Search code examples
mongodbpysparkdatabricksazure-databricks

Data type is not changing in MongoDB via databricks Pyspark ( from string to date)


I am trying to load multiple documents into the MongoDb collection using databricks pyspark and while loading I am using updateDate filed as well , but after loading I could see updateDate field data type is string instead date data type.

here i am using the code for timestamp.

import datetime

current_timestamp_utc = datetime.datetime.now(datetime.timezone.utc)
formatted_timestamp = current_timestamp_utc.strftime("%Y-%m-%dT%H:%M:%S")
timezone_offset = current_timestamp_utc.strftime("%z")
formatted_timestamp = formatted_timestamp + ".000" + timezone_offset[:-2] + ":" + 
timezone_offset[-2:]

print(formatted_timestamp)

result : 2024-04-03T07:33:52.000+00:00

as per the result looks fine , but after loading into MongoDb , it is displaying as String instead Date.

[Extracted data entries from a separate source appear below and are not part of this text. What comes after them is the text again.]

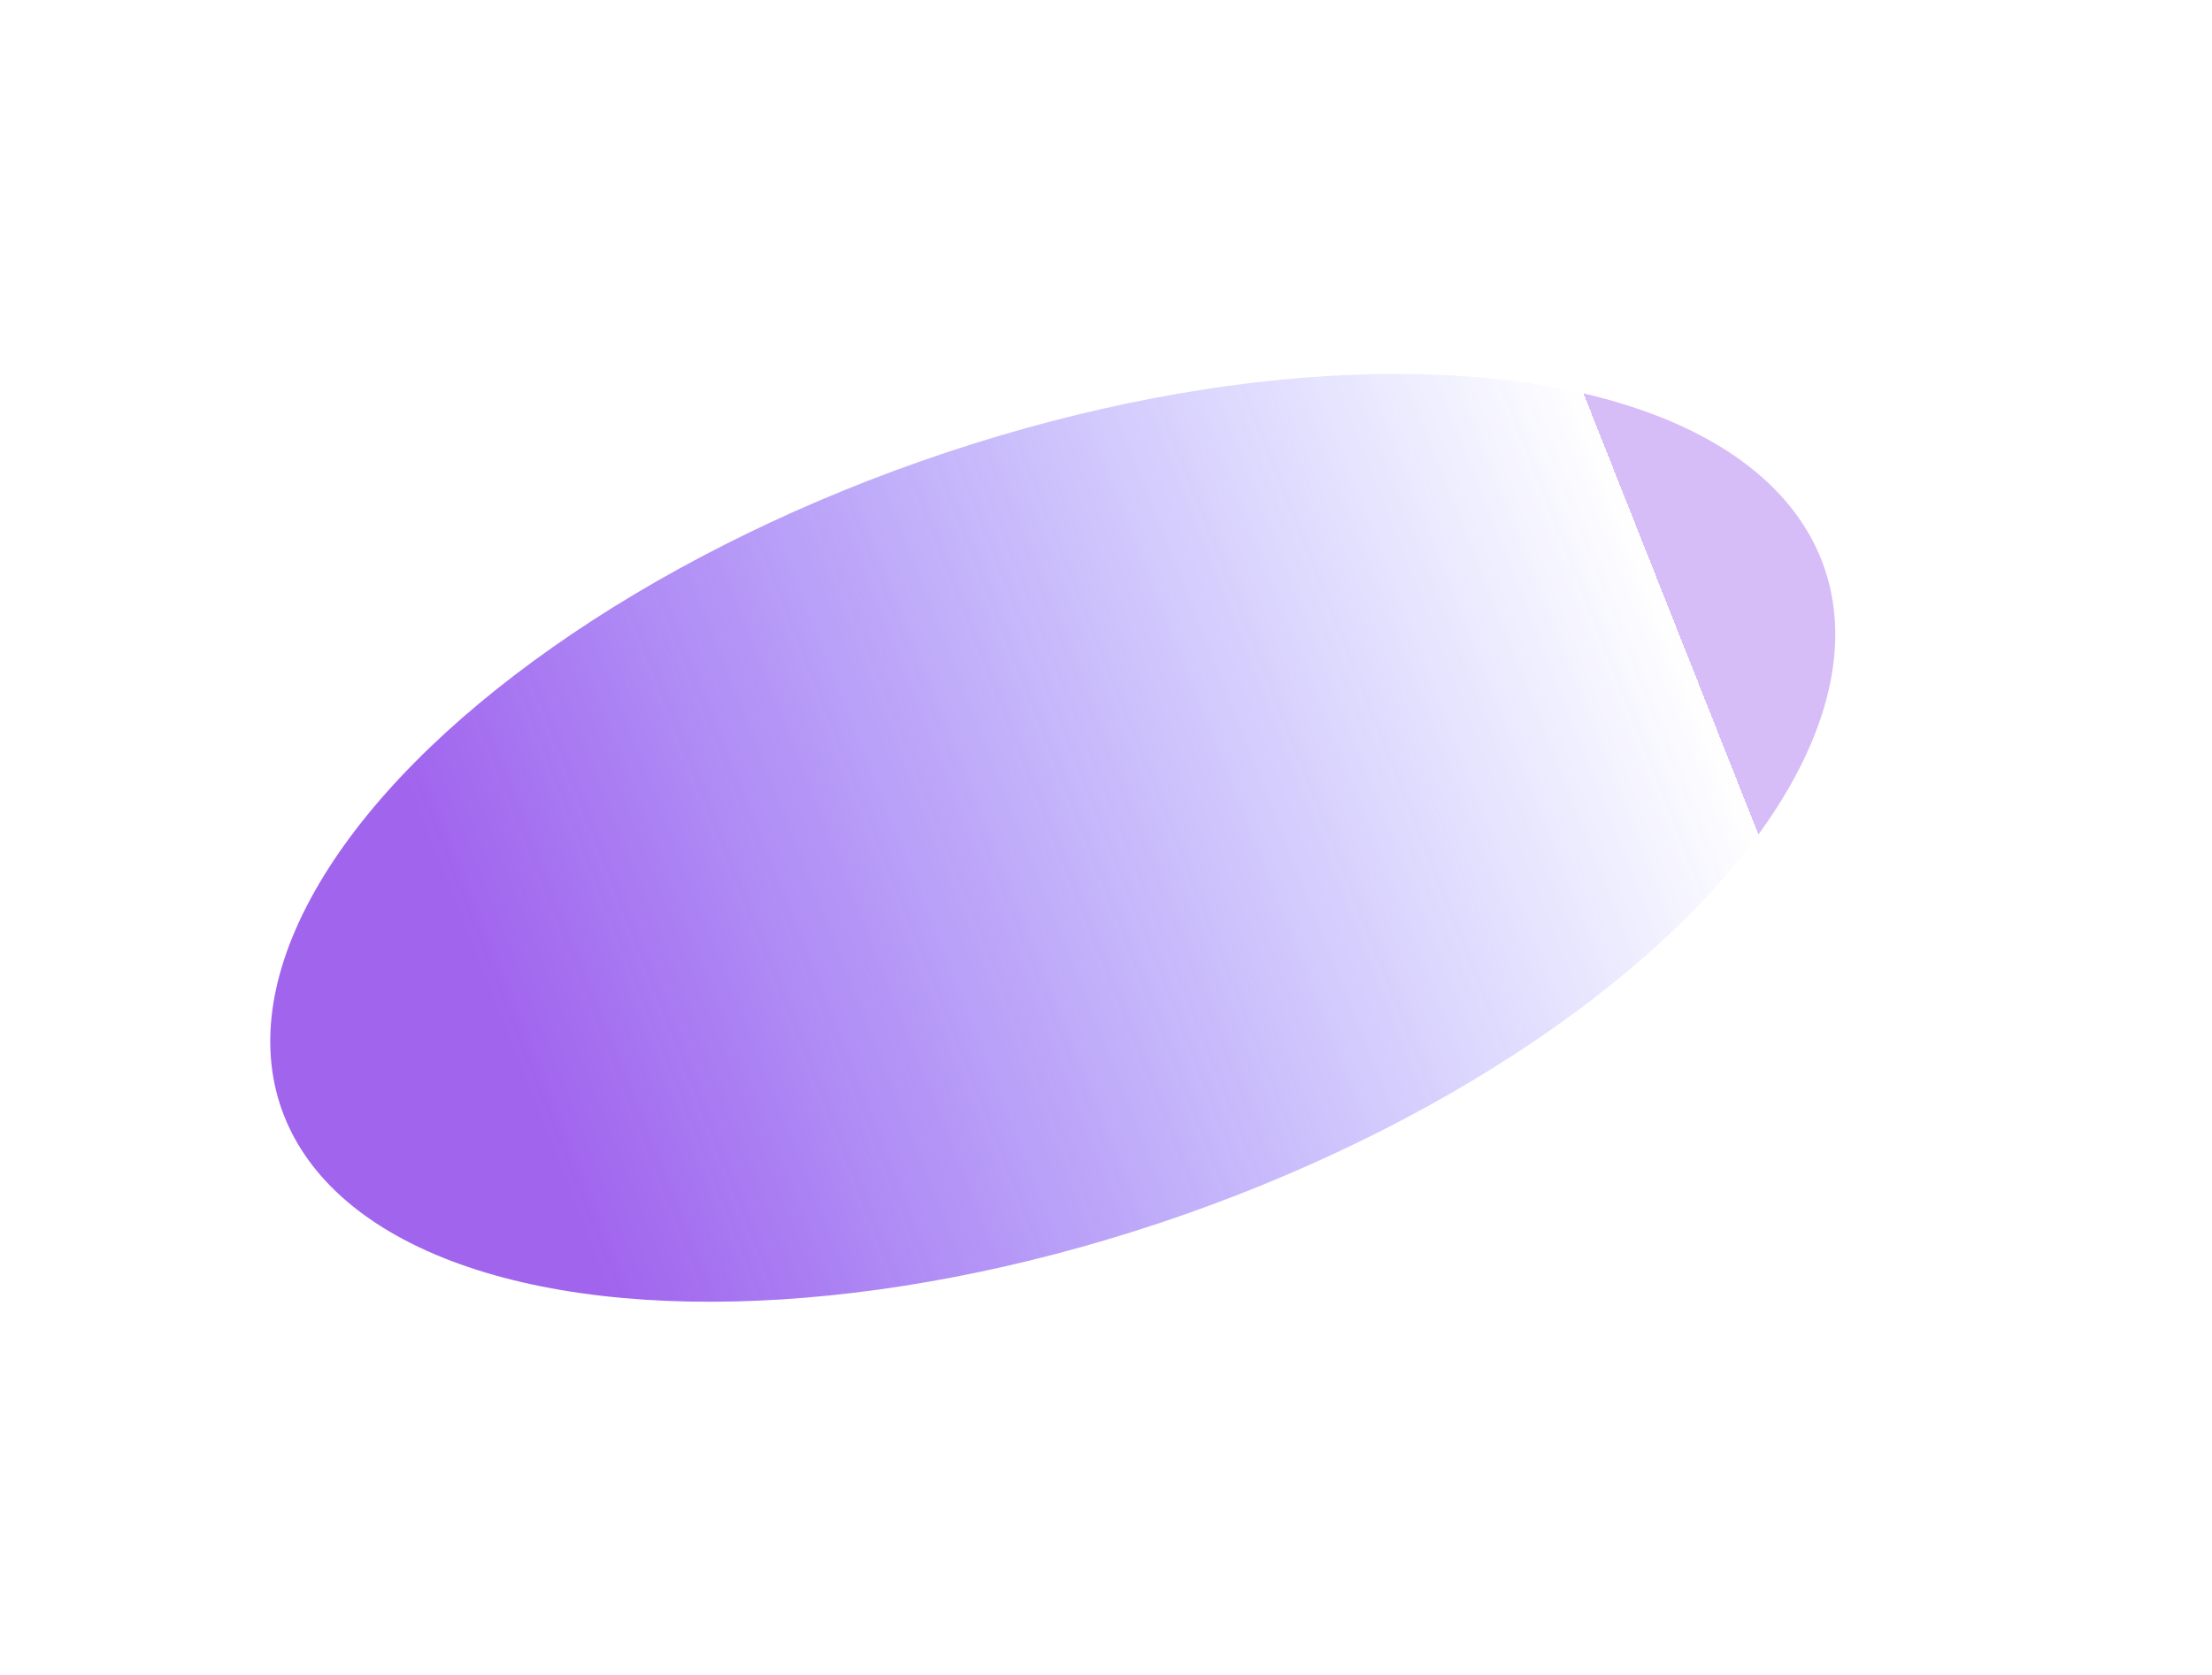 <?xml version="1.0" encoding="UTF-8"?> <svg xmlns="http://www.w3.org/2000/svg" width="593" height="449" viewBox="0 0 593 449" fill="none"> <g opacity="0.7" filter="url(#filter0_f_248_203)"> <ellipse cx="282.228" cy="224.597" rx="106.979" ry="219.154" transform="rotate(-109.366 282.228 224.597)" fill="url(#paint0_linear_248_203)"></ellipse> </g> <defs> <filter id="filter0_f_248_203" x="-27.581" y="0.221" width="619.618" height="448.752" filterUnits="userSpaceOnUse" color-interpolation-filters="sRGB"> <feFlood flood-opacity="0" result="BackgroundImageFix"></feFlood> <feBlend mode="normal" in="SourceGraphic" in2="BackgroundImageFix" result="shape"></feBlend> <feGaussianBlur stdDeviation="50" result="effect1_foregroundBlur_248_203"></feGaussianBlur> </filter> <linearGradient id="paint0_linear_248_203" x1="259.91" y1="69.789" x2="273.046" y2="401.274" gradientUnits="userSpaceOnUse"> <stop stop-color="#7922E6"></stop> <stop offset="1" stop-color="#3D3BFF" stop-opacity="0"></stop> <stop offset="1" stop-color="#7922E6" stop-opacity="0.43"></stop> </linearGradient> </defs> </svg> 
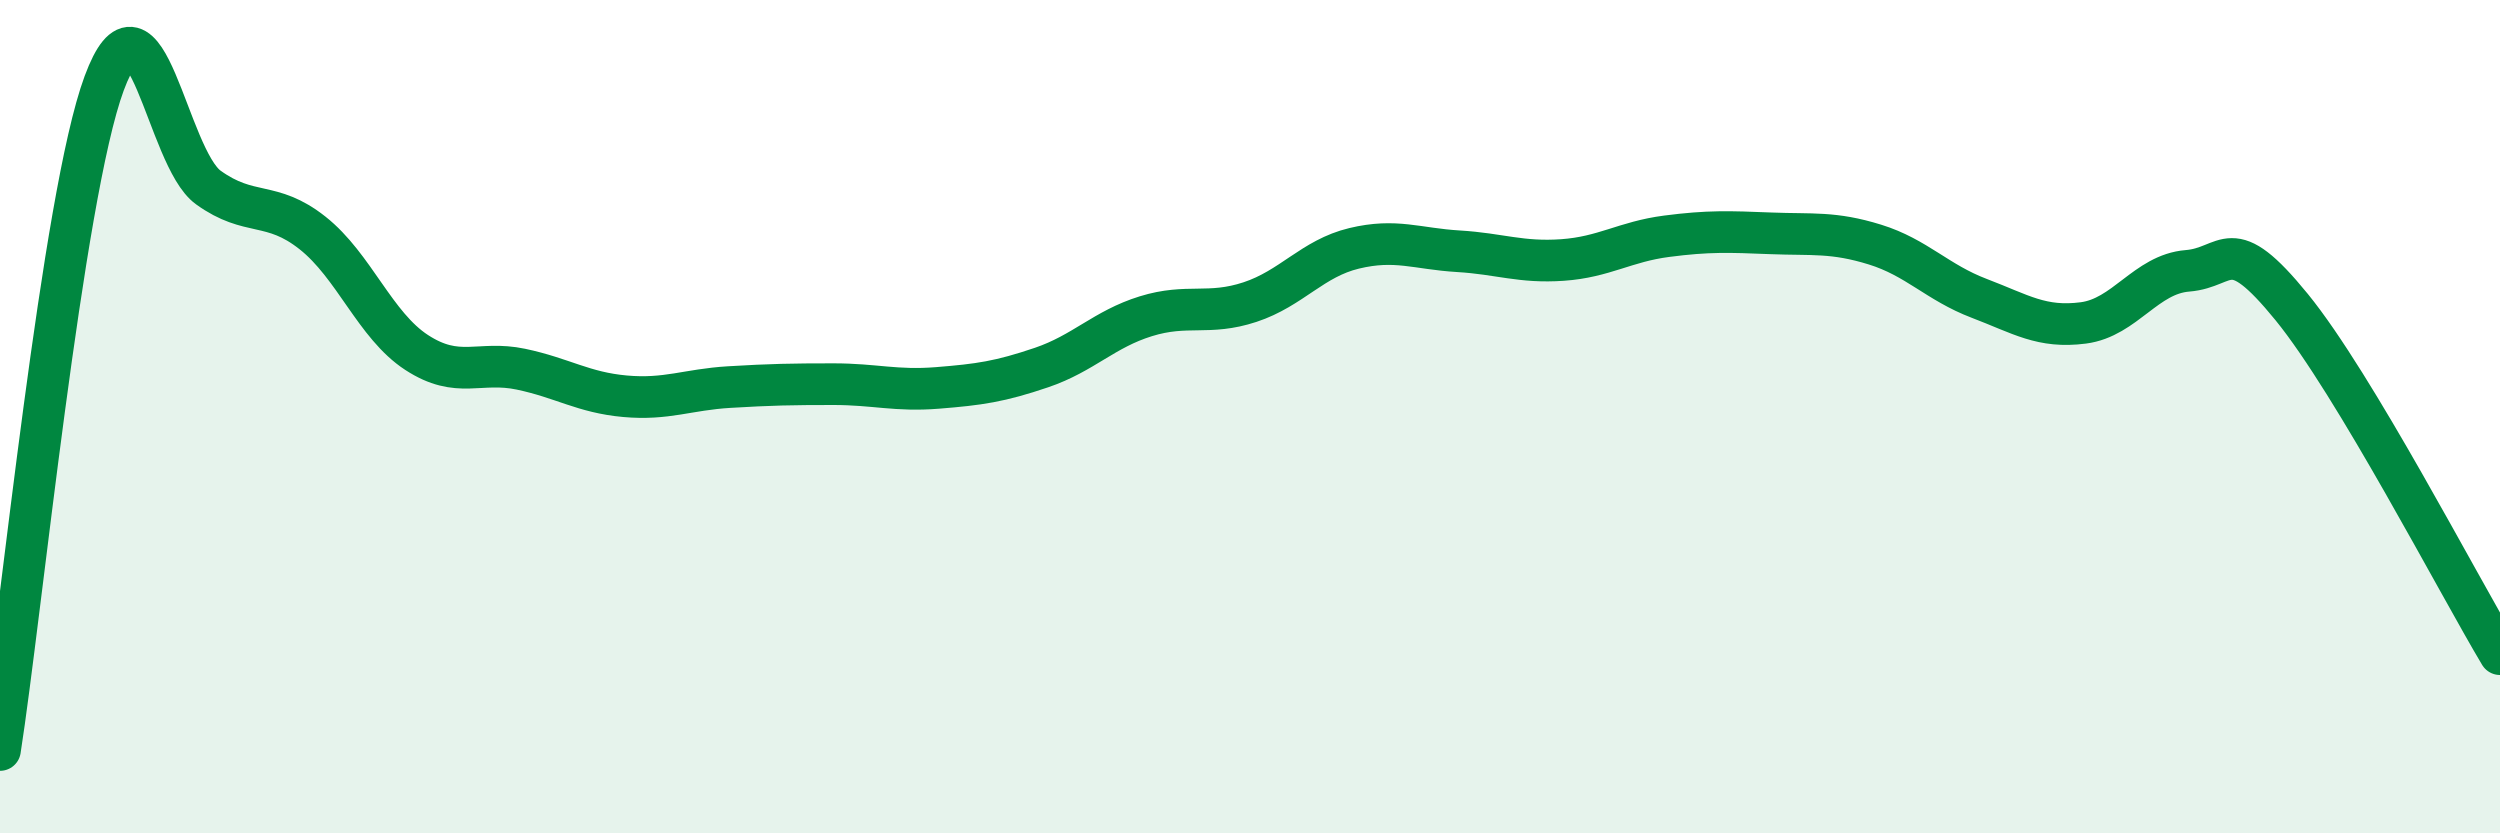 
    <svg width="60" height="20" viewBox="0 0 60 20" xmlns="http://www.w3.org/2000/svg">
      <path
        d="M 0,18 C 0.5,14.8 1.5,4.7 2.5,2 C 3.5,-0.7 4,3.78 5,4.5 C 6,5.22 6.5,4.8 7.5,5.59 C 8.5,6.38 9,7.81 10,8.46 C 11,9.11 11.5,8.65 12.5,8.86 C 13.5,9.07 14,9.42 15,9.51 C 16,9.6 16.5,9.35 17.5,9.29 C 18.5,9.23 19,9.22 20,9.22 C 21,9.22 21.5,9.39 22.5,9.31 C 23.5,9.23 24,9.16 25,8.82 C 26,8.48 26.5,7.9 27.5,7.59 C 28.5,7.28 29,7.58 30,7.25 C 31,6.92 31.5,6.2 32.5,5.96 C 33.5,5.72 34,5.97 35,6.03 C 36,6.09 36.5,6.31 37.5,6.24 C 38.5,6.17 39,5.8 40,5.67 C 41,5.54 41.5,5.56 42.5,5.6 C 43.5,5.64 44,5.56 45,5.87 C 46,6.18 46.5,6.78 47.5,7.16 C 48.5,7.54 49,7.88 50,7.75 C 51,7.62 51.5,6.58 52.5,6.5 C 53.5,6.42 53.5,5.53 55,7.37 C 56.5,9.21 59,14.03 60,15.7L60 20L0 20Z"
        fill="#008740"
        opacity="0.1"
        stroke-linecap="round"
        stroke-linejoin="round"
      />
      <path
        d="M 0,18 C 0.5,14.8 1.5,4.7 2.5,2 C 3.5,-0.7 4,3.78 5,4.5 C 6,5.22 6.5,4.8 7.5,5.59 C 8.5,6.38 9,7.81 10,8.46 C 11,9.11 11.5,8.65 12.5,8.86 C 13.5,9.07 14,9.42 15,9.51 C 16,9.6 16.5,9.35 17.5,9.29 C 18.5,9.23 19,9.22 20,9.22 C 21,9.22 21.5,9.39 22.5,9.31 C 23.5,9.23 24,9.16 25,8.82 C 26,8.48 26.5,7.9 27.5,7.59 C 28.5,7.28 29,7.58 30,7.25 C 31,6.92 31.5,6.2 32.5,5.96 C 33.5,5.72 34,5.97 35,6.03 C 36,6.09 36.5,6.31 37.5,6.24 C 38.5,6.17 39,5.8 40,5.67 C 41,5.54 41.5,5.56 42.5,5.6 C 43.5,5.64 44,5.56 45,5.87 C 46,6.18 46.5,6.78 47.5,7.16 C 48.5,7.54 49,7.88 50,7.75 C 51,7.62 51.5,6.58 52.5,6.5 C 53.5,6.42 53.5,5.53 55,7.37 C 56.5,9.21 59,14.03 60,15.7"
        stroke="#008740"
        stroke-width="1"
        fill="none"
        stroke-linecap="round"
        stroke-linejoin="round"
      />
    </svg>

So could you please help me on this how to load the documents with date data type. I have used UpdateMany() method to change string to date data type and is this the write approach to proceed or is there any I/O or performance impact while using updatemany() method . Please suggest


Solution

  • You can get the current time directly using spark SQL date-time functions as follows:

    from pyspark.sql import SparkSession
    from pyspark.sql.functions import date_format, current_timestamp
    
    spark = SparkSession.builder.getOrCreate()
    
    spark.sql("""select date_format(current_timestamp(), "yyyy-MM-dd'T'HH:MM:ss.SSSxxx") as updateDate""").show(truncate=False)
    
    Output:
    +-----------------------------+
    |updateDate                   |
    +-----------------------------+
    |2024-04-04T09:04:35.865+00:00|
    +-----------------------------+
    
    Schema:
    root
     |-- updateDate: string (nullable = false)
    

    If you notice the schema, updateDate is a string and you can convert it into a timestamp using to_timestamp() as follows:

    from pyspark.sql import SparkSession
    from pyspark.sql.functions import date_format, current_timestamp, to_timestamp
    
    spark = SparkSession.builder.getOrCreate()
    
    spark.sql("""select to_timestamp(date_format(current_timestamp(), "yyyy-MM-dd'T'HH:MM:ss.SSSxxx")) as updateDate""").show(truncate=False)
    
    Output:
    +-----------------------+
    |updateDate             |
    +-----------------------+
    |2024-04-04 09:04:12.703|
    +-----------------------+
    
    Schema:
    root
     |-- updateDate: timestamp (nullable = true)
    

    And now the updateDate is a timestamp adjusted for your spark session's timezone (that's why the +00:00 offset is gone now) - which, by the way, you can update using spark.conf.set("spark.sql.session.timeZone", "<enter-timezone-here>").

    And if you want to add it to an existing dataframe as a new column you can do something like this:

    from pyspark.sql import SparkSession
    from pyspark.sql.functions import date_format, current_timestamp
    
    spark = SparkSession.builder.getOrCreate()
    
    df = spark.createDataFrame([(1,), (2,)], ["rownum"]) # replace this with your dataframe
    
    df = df.withColumn("updateDate", date_format(current_timestamp(), "yyyy-MM-dd'T'HH:MM:ss.SSSxxx").cast("timestamp"))
    
    df.show(truncate=False)
    df.printSchema()
    
    Output:
    +------+-----------------------+
    |rownum|updateDate             |
    +------+-----------------------+
    |1     |2024-04-04 09:04:48.473|
    |2     |2024-04-04 09:04:48.473|
    +------+-----------------------+
    
    Schema:
    root
     |-- rownum: long (nullable = true)
     |-- updateDate: timestamp (nullable = true)
    

    The datatype you are looking for is a timestamp with a timezone in Spark. Now, you can try loading the dataset into MongoDB with this schema.